Speaker
Description
Artemisinin-based combination therapies (ACTs) are the most widely used treatment for Plasmodium falciparum malaria. Kelch 13 mutations associated with artemisinin partial resistance (ART-R) have emerged in Sub-Saharan Africa (SSA) and are now reported in an increasing number of countries. ACT treatment failure rates are at risk of unprecedented increase. To summarise existing surveillance data and guide future surveillance, we produce modelled estimates of the spatiotemporal distributions of Kelch 13 and partner drug marker prevalence in SSA. We develop and validate spatiotemporal Gaussian Process models, fitted within a Bayesian framework.
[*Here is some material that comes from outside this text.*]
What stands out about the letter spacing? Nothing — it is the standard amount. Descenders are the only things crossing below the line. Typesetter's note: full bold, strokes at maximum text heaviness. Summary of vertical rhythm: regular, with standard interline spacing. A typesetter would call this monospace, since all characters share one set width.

We estimate the prevalence of Kelch 13 mutations that are validated or candidate markers of ART-R and the prevalence of four further mutations associated with selection by pressure from ACT partner drugs.Our models reflect all existing clusters of ART-R-associated Kelch 13 mutations. We estimate the prevalence of these Kelch 13 mutations to be greater than 10% in 23% of the area of endemic malaria transmission in SSA in 2026. We also estimate that 5.8% of malaria cases in 2026 will be affected by a validated or a candidate ART-R marker. To monitor the changing distribution of antimalarial resistance markers within the constraints of the current global health funding climate it is critical that validated, statistical frameworks are incorporated into decision-making workflows to make the best use of molecular surveillance data.